Optimizing the performance of computational fluid dynamics (CFD) applications accelerated by graphics processing units (GPUs) is crucial for efficient simulations. In this study, we employed a machine learning-based autotuning technique to optimize 14 key parameters related to GPU kernel scheduling, including the number of thread blocks and threads within a block. Our approach utilizes fully connected neural networks as the underlying machine learning model, with the tuning parameters as inputs to the neural networks and the actual execution time of a simulation as the outputs. To assess the effectiveness of our autotuning approach, we conducted experiments on three different types of GPUs, with computational speeds ranging from low to high. We performed independent training for each GPU model and also explored combined training across multiple GPU models. By leveraging artificial neural networks, our autotuning technique achieved remarkable results in tuning a wide range of parameters, leading to enhanced performance for a CFD code. Importantly, our approach demonstrated its efficacy while requiring only a small fraction of samples from the large parameter search space. This efficiency is attributed to the effectiveness of the fully connected neural networks in capturing the complex relationships between the parameter settings and the resulting performance. Overall, our study showcases the potential of machine learning, specifically fully connected neural networks, in autotuning GPU-accelerated CFD codes. By leveraging this approach, researchers and practitioners can achieve high performance in scientific simulations with optimized parameter configurations.
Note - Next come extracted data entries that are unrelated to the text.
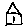
Label: house
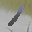
Label: 1
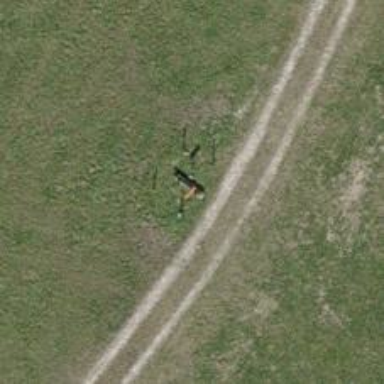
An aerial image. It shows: Pipeline marker.
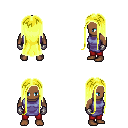
a pixel art fantasy rpg character, male body template, human, dark skin, chain tabard jacket, red pants, gold extra-long hairstyle, metal gloves, four views (front, back, left, right), 2x2 character sprite sheet, small pixel art, hard edges, no anti-aliasing
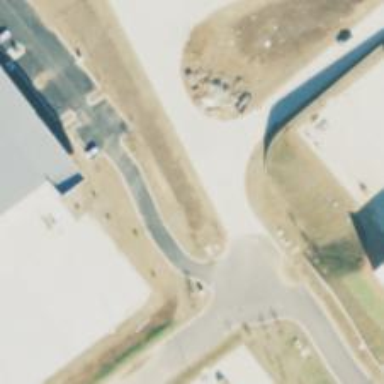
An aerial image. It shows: Marked crossing on footway.
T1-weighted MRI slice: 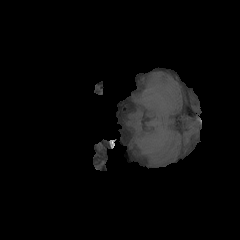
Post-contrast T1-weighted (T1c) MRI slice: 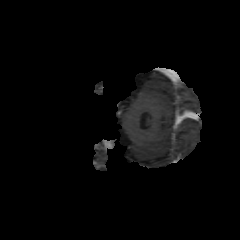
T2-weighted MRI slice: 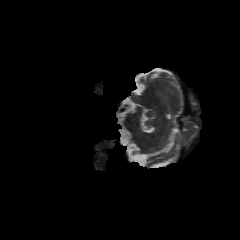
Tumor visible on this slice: no
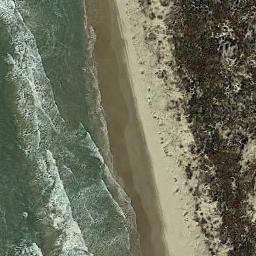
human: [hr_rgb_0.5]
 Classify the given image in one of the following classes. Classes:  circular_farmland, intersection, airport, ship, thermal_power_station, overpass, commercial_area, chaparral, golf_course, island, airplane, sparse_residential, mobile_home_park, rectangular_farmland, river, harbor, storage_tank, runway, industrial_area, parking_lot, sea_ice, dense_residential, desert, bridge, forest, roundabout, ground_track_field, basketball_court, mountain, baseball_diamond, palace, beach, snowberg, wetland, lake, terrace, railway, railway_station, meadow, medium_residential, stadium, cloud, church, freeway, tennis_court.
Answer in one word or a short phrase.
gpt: beach
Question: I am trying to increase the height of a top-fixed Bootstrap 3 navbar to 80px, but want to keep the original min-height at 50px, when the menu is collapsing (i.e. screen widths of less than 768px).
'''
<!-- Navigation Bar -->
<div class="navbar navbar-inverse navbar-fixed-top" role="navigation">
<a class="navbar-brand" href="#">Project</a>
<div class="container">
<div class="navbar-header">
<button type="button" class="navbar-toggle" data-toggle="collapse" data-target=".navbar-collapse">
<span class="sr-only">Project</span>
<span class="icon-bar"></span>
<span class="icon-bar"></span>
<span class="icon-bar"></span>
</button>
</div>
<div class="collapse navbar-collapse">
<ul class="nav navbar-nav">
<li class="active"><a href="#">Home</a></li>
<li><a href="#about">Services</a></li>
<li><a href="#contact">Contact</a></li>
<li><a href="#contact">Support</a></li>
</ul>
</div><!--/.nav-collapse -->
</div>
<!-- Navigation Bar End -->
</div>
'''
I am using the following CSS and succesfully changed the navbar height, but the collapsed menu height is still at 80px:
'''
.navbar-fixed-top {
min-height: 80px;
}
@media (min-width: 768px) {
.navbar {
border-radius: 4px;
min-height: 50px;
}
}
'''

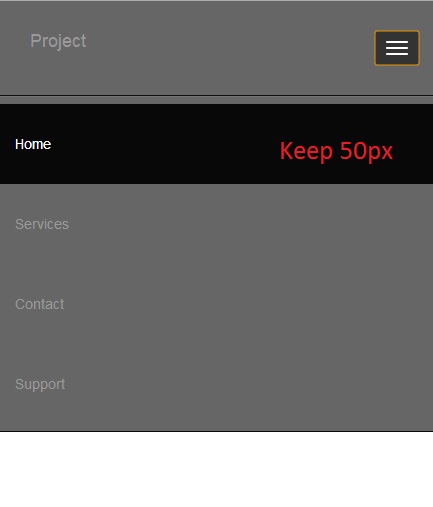
Answer: I finally developed a solution myself. You have to create a media query that keeps the line height of the collapsing menu at 20px for screen widths up to 767px. The following CSS in my style.css overrides the boostrap.css and solved my problem:
'''
.navbar-fixed-top {
min-height: 80px;
}
.navbar-nav > li > a {
padding-top: 0px;
padding-bottom: 0px;
line-height: 80px;
}
@media (max-width: 767px) {
.navbar-nav > li > a {
line-height: 20px;
padding-top: 10px;
padding-bottom: 10px;}
}
'''

翻译：优化由图形处理器（GPU）加速的计算流体动力学（CFD）应用程序的性能对于高效模拟至关重要。本研究采用基于机器学习的自动调优技术，优化了与GPU内核调度相关的14个关键参数，包括线程块数量及块内线程数。该方法以全连接神经网络作为底层机器学习模型，将调优参数作为神经网络输入，模拟实际执行时间作为输出。为评估自动调优方法的有效性，我们在计算速度从低到高的三种不同类型GPU上进行了实验，分别针对每个GPU模型进行独立训练，并探索了跨多个GPU模型的联合训练。通过利用人工神经网络，该自动调优技术在大范围参数调优中取得了显著成果，显著提升了CFD代码的性能。更重要的是，该方法仅需从庞大的参数搜索空间中采样少量数据即可展现有效性，这归功于全连接神经网络在捕捉参数设置与性能之间复杂关系方面的能力。总体而言，本研究展示了机器学习（特别是全连接神经网络）在GPU加速CFD代码自动调优中的潜力，通过该方法，研究人员与实践者能够以优化的参数配置实现科学模拟的高性能。